9. La viuda negra

Kay Spalter había cerrado los ojos y parecía sumida en una intensa concentración. Tenía sus labios carnosos apretados en una fina línea, la cabeza gacha y las manos entrelazadas bajo el mentón. Llevaba así, sentada frente a Gurney y Hardwick sin decir palabra, más de dos minutos. Gurney dedujo que estaba sopesando hasta qué punto podía confiar en dos hombres a los que no conocía, y cuyos auténticos intereses acaso permanecían ocultos, pero que tal vez podían constituir, por otro lado, su última oportunidad de conseguir la libertad.

El silencio parecía estar poniendo a Hardwick de los nervios. El tic volvió a aparecer en la comisura de sus labios.

—A ver, Kay, si tienes alguna inquietud, pongámosla sobre la mesa para que podamos…

Ella alzó la cabeza y le dirigió una mirada furiosa.

—¿Alguna inquietud?

—Bueno, quería decir que si tienes alguna pregunta…

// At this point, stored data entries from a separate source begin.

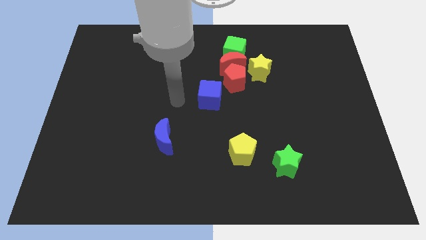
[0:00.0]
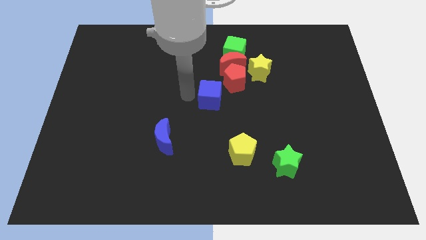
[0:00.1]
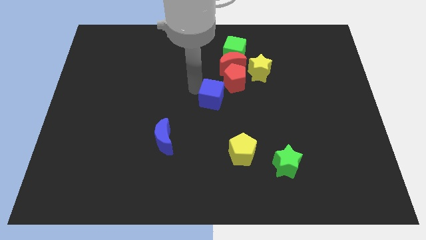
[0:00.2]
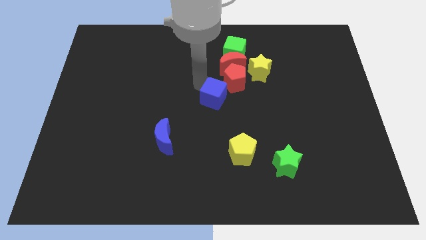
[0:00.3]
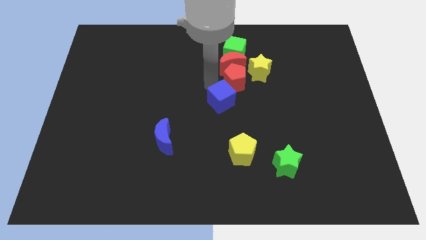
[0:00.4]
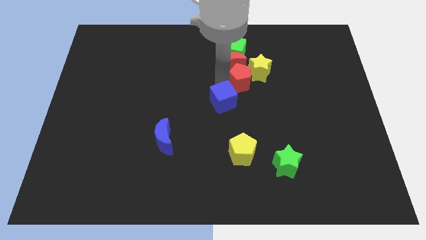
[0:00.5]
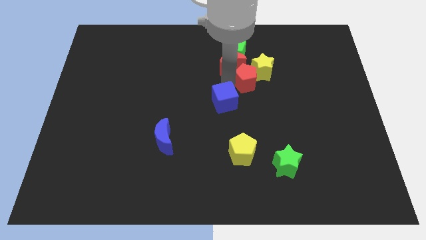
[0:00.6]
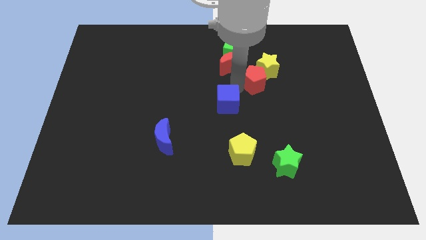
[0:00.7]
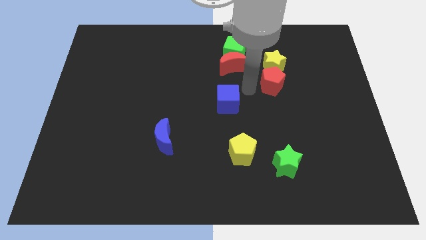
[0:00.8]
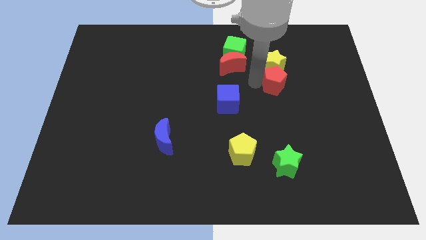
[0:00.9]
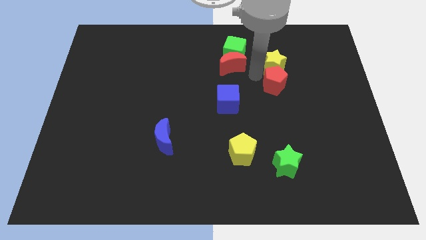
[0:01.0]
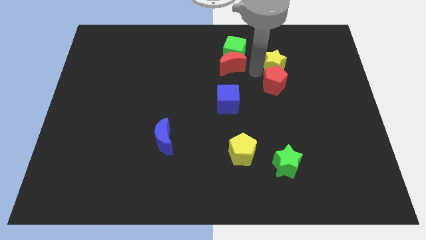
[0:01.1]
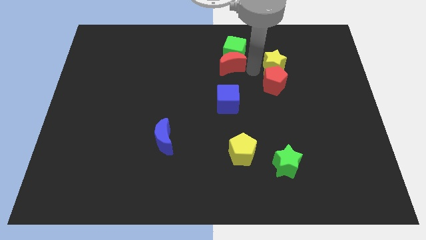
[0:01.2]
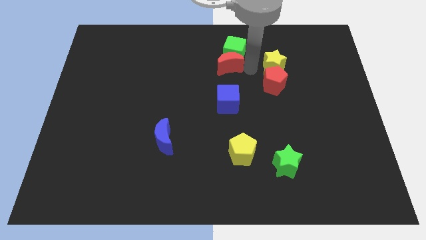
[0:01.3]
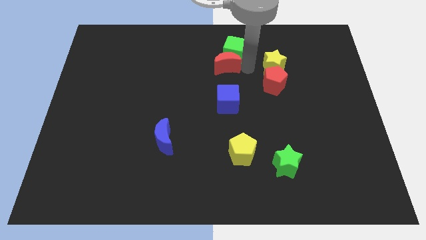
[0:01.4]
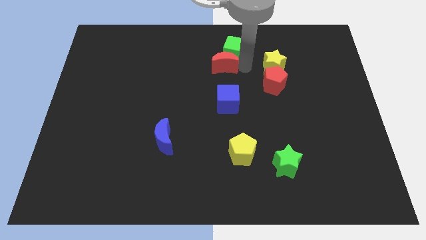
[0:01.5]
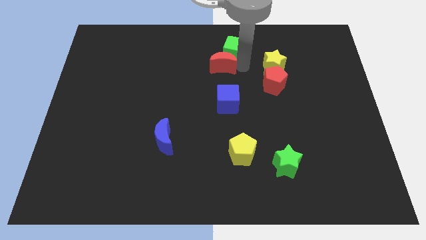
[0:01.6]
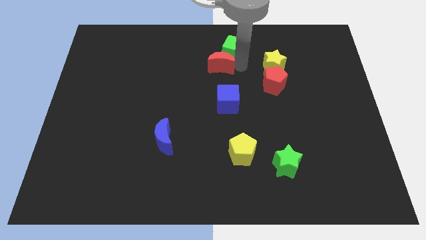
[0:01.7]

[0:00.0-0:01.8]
move the red moon away from the clump

—Si tengo preguntas, las haré. —Se volvió hacia Gurney y estudió su rostro y sus ojos.

—¿Cuánto años tiene?

—Cuarenta y nueve. ¿Por qué?

—¿No es muy joven para estar retirado?

—Sí y no. Veinticinco años en el Departamento de Policía de Nueva York…

Hardwick lo interrumpió.

—La verdad es que él nunca se retiró. Simplemente se mudó al norte del estado. Pero continúa haciendo lo que siempre ha hecho. Ha resuelto tres grandes casos de asesinato desde que dejó el departamento. Tres grandes casos de asesinato en los dos últimos años. Yo a eso no lo llamaría «retirado».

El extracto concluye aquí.